Bideford black is an extraordinary material,” says Onya McCausland, a doctoral candidate in fine art at University College London. She is talking about a black pigment found in the Carboniferous formation that runs from Wales to Devon in England. Mined from the 18th to the 20th centuries, it was considered one of the best coal-based black pigments available. “Its texture is soft and velvety,” McCausland says. “It produces a very dense, bluish-black. If I want the black to be really immersive and dense, I’d use Bideford black.”
Bideford black was one of many carbon-based black pigments used from the 16th through the 19th centuries in Europe. Charcoal was the inexpensive mainstay, though it produced a gritty paint that was difficult to apply. Bone black (ground from burnt bones) gave a warm brownish black, while lamp black (burnt vegetable oils) and vine black (charred grapevines or other vegetable products) gave cooler shades. Black derived from ground ivory was perhaps the richest of the lot.

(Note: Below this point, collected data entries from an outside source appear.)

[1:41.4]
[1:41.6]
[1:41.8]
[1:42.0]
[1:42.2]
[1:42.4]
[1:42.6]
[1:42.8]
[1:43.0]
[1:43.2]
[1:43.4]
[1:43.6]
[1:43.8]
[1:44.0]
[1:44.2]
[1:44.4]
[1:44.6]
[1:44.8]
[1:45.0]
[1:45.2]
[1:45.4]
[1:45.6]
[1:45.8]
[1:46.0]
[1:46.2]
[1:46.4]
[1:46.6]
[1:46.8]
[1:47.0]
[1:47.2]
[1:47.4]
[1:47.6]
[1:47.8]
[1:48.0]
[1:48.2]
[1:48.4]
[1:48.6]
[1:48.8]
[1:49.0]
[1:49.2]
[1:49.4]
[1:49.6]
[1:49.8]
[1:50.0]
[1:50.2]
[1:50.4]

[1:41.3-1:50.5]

This dark arsenal of dyes supported an evolving but particular set of subjects and themes. For centuries, black was a color of death and evil. The Egyptian jackal-headed god Anubis, who guided souls to the afterlife, almost always appeared as a black figure, his skin matching the blackened flesh of mummified bodies. When the devil began to appear in European art, in the 11th century, he too was usually a nightmarish black.

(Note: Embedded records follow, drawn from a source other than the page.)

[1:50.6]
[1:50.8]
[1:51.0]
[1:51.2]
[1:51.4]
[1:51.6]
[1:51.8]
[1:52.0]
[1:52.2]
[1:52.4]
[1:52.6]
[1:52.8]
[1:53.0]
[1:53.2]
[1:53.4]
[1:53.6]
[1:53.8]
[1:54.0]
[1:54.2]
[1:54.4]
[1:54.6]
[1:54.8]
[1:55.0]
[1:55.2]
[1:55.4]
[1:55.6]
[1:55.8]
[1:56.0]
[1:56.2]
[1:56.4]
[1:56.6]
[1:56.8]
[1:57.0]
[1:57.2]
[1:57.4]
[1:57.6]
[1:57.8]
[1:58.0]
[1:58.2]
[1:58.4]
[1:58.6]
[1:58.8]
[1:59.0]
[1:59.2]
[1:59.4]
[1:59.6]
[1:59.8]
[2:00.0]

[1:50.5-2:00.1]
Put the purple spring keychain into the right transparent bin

Black also developed a second identity around this time representing the asceticism favored by monks, as noted by the French historian Michel Pastoureau. By the 15th century, black garb had become a fixture of regal courts in Europe, connoting power and privilege. Soon after, the growing middle class also adopted black garments to represent their growing wealth, as well as their piety.
Seeking to reflect the wealth around them, 16th- and 17th-century artists used this broad palette of blacks to distinguish the different tones and textures of their sitters’ sumptuous clothes. “In the late Middle Ages, black became the color of distinction,” says Ball.

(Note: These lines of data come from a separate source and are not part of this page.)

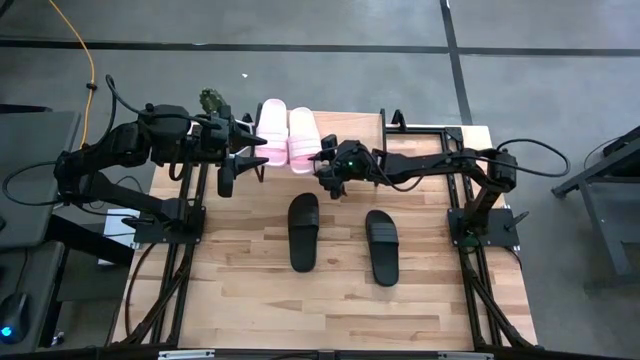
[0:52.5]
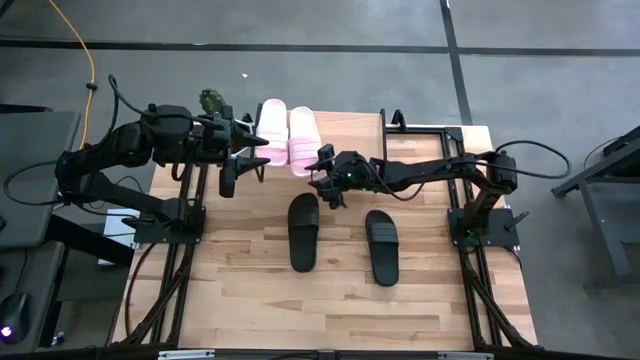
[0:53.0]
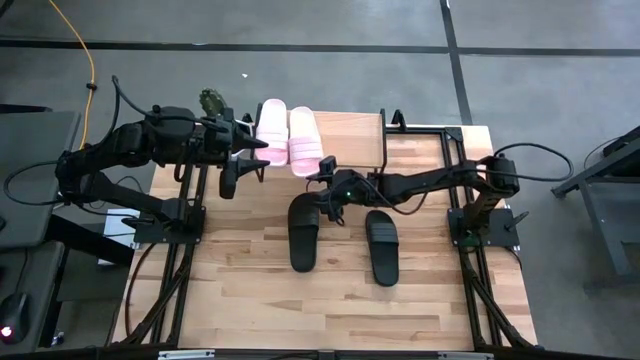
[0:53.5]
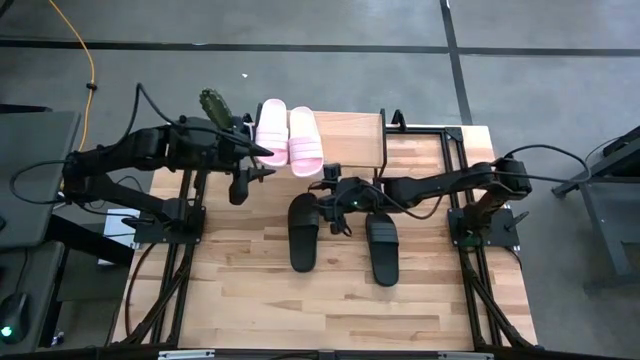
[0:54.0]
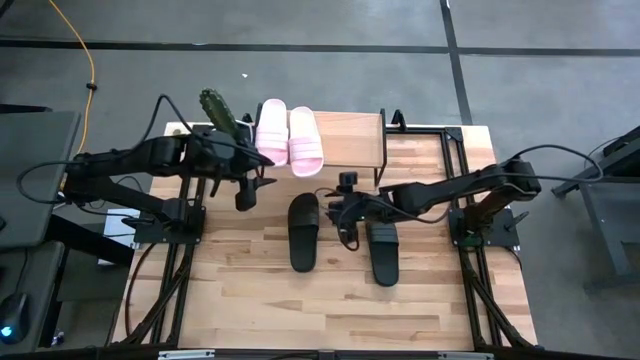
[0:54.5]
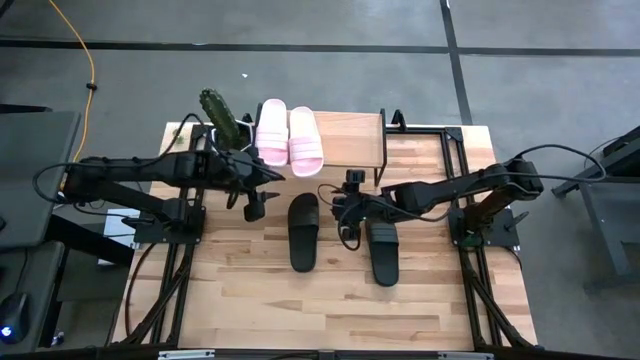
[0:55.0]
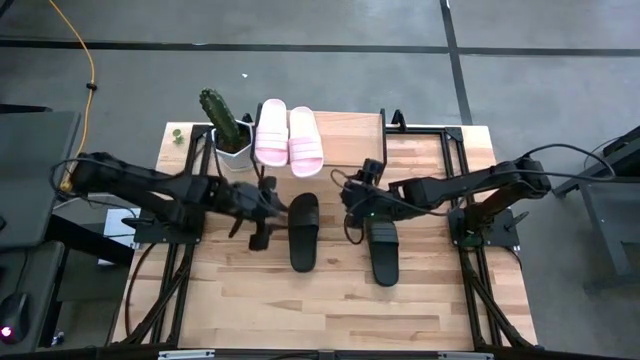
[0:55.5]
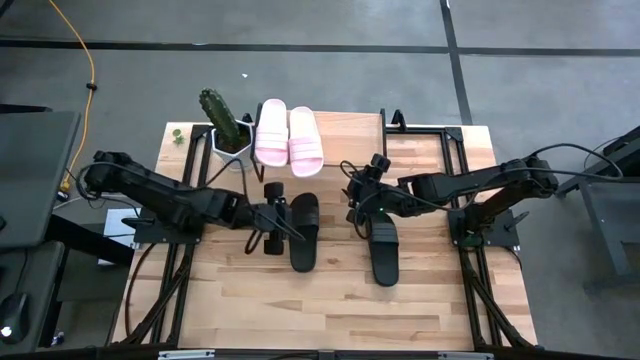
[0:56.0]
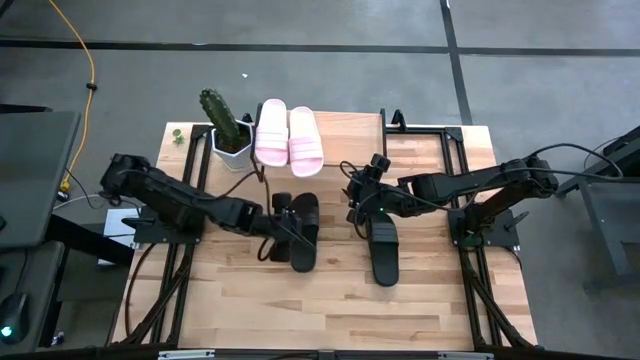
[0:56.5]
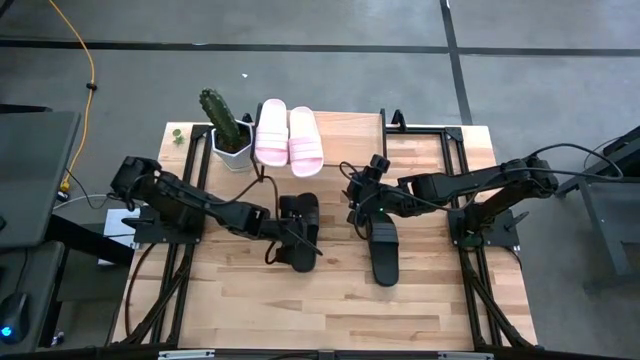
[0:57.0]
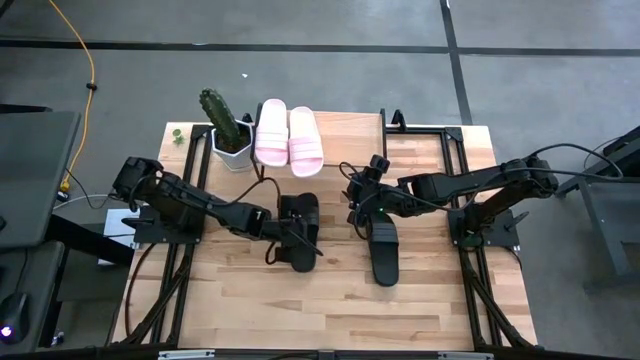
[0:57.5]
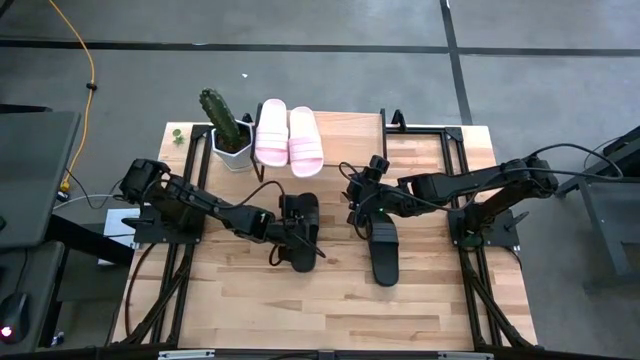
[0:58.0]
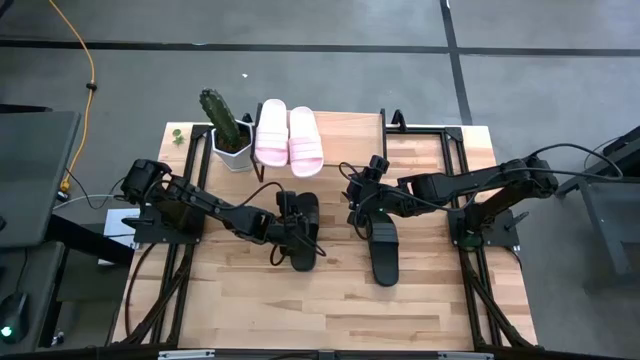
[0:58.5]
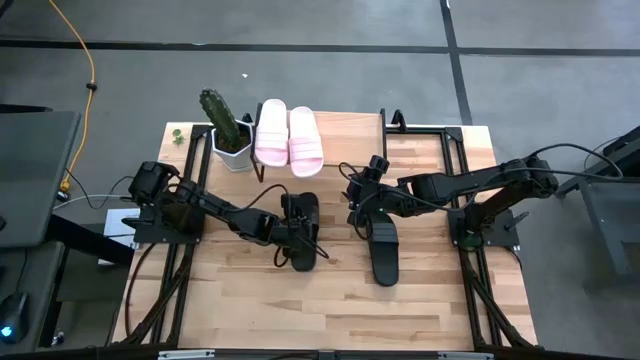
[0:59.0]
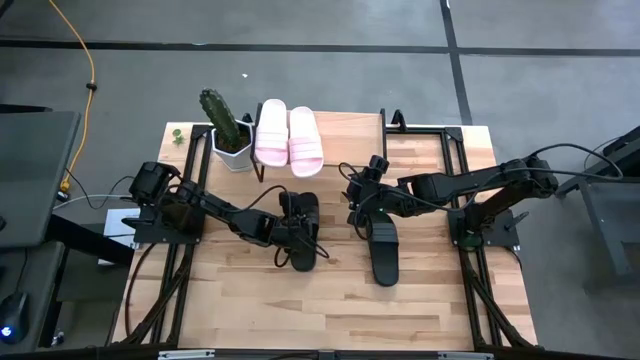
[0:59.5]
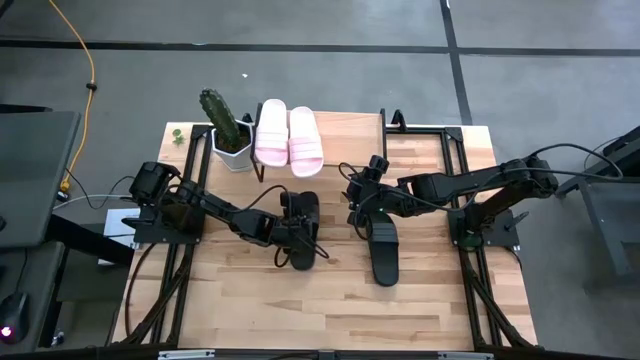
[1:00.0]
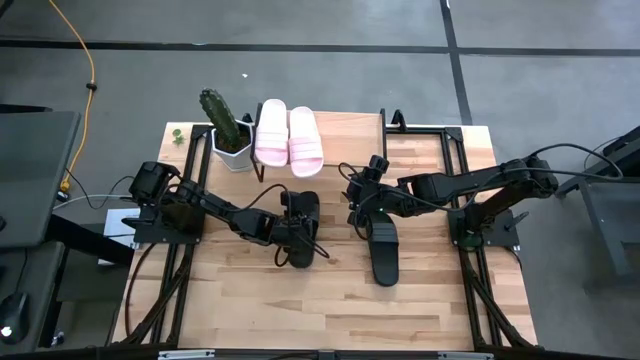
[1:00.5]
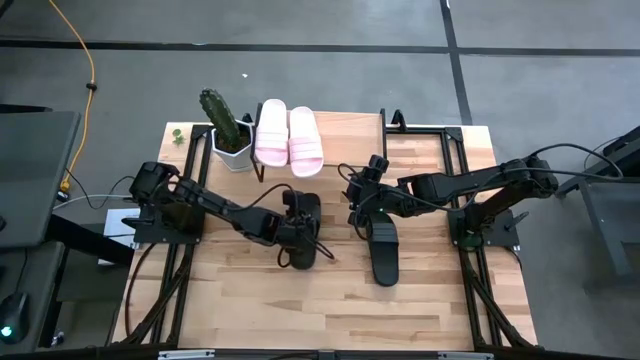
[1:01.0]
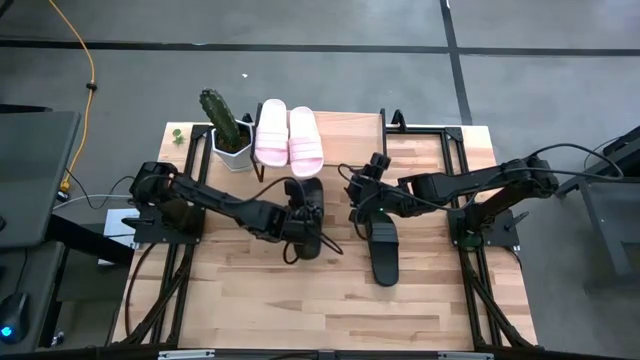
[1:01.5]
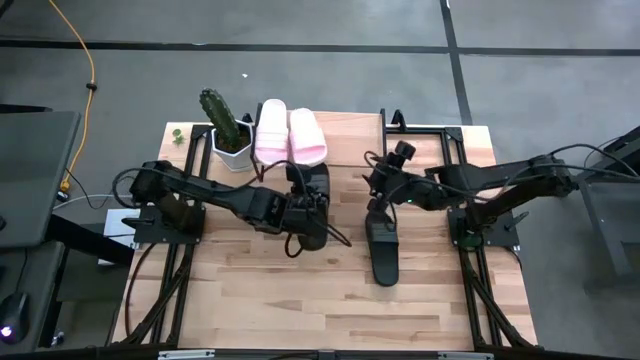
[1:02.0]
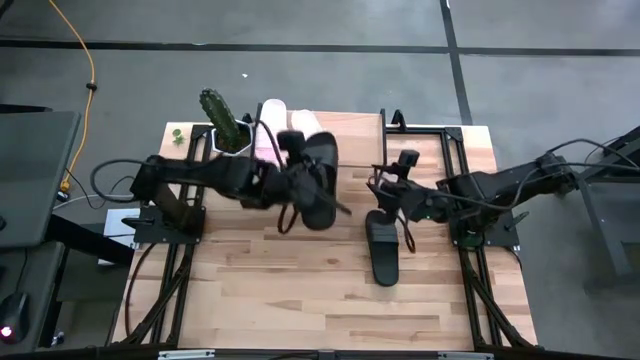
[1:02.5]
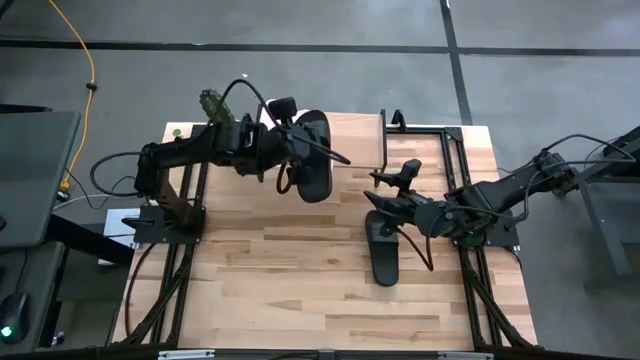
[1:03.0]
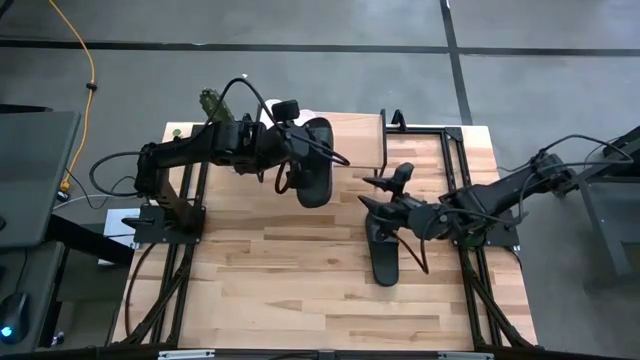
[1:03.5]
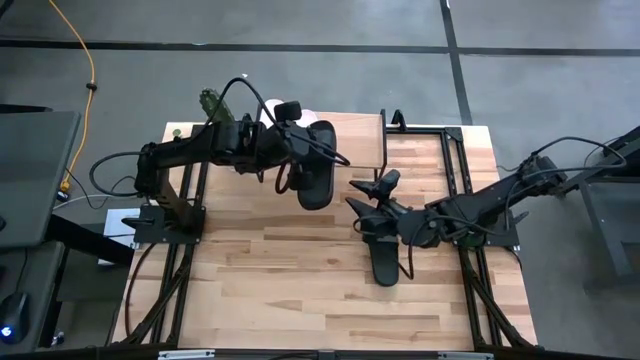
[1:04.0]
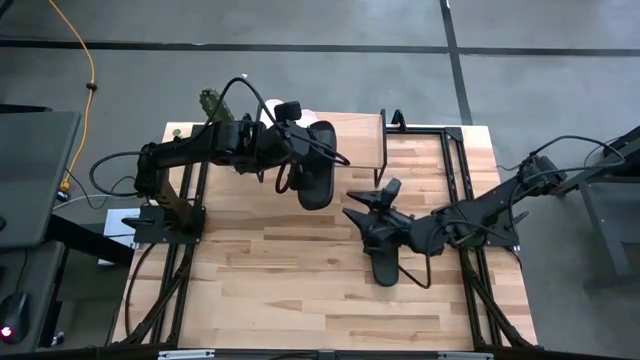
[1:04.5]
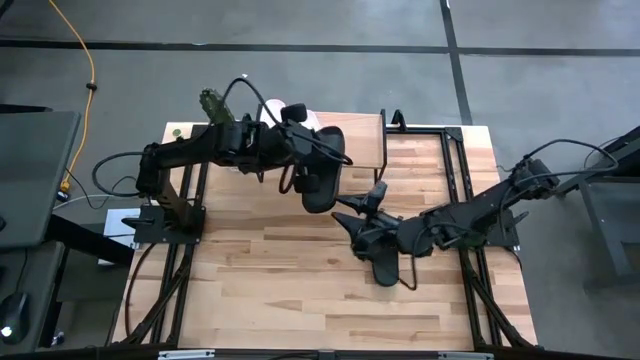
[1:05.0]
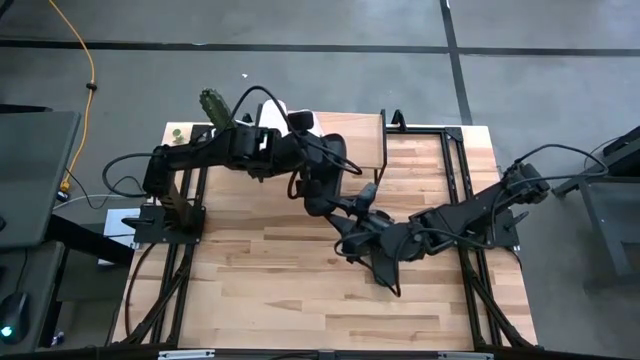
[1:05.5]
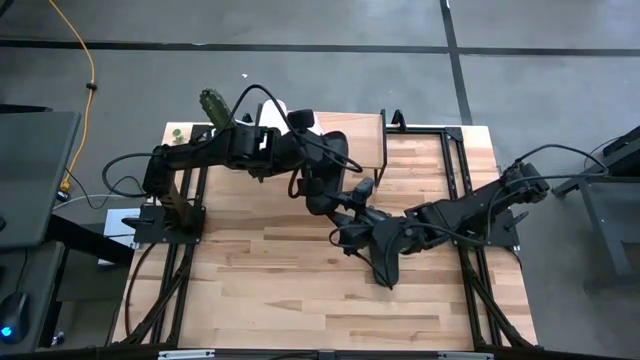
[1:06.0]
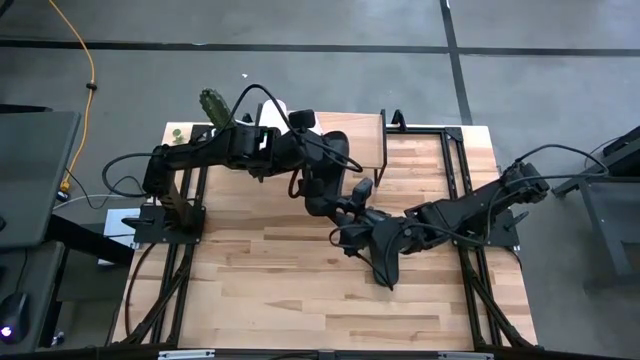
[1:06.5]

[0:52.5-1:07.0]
Task: Pick and place slides into the shelf
Put the left black slipper on the shelf

The arrival of the industrial revolution in the 18th century sparked advances in mining technology that boosted the output of coal-based pigments including Bideford black, while simultaneously driving up demand. Bideford black was ideal for polishing up the cast iron stoves that swept into kitchens during the period, for example, and it also fuelled local lime kilns.
Black, which seemed to obscure and remove color and life, invited a new inner life.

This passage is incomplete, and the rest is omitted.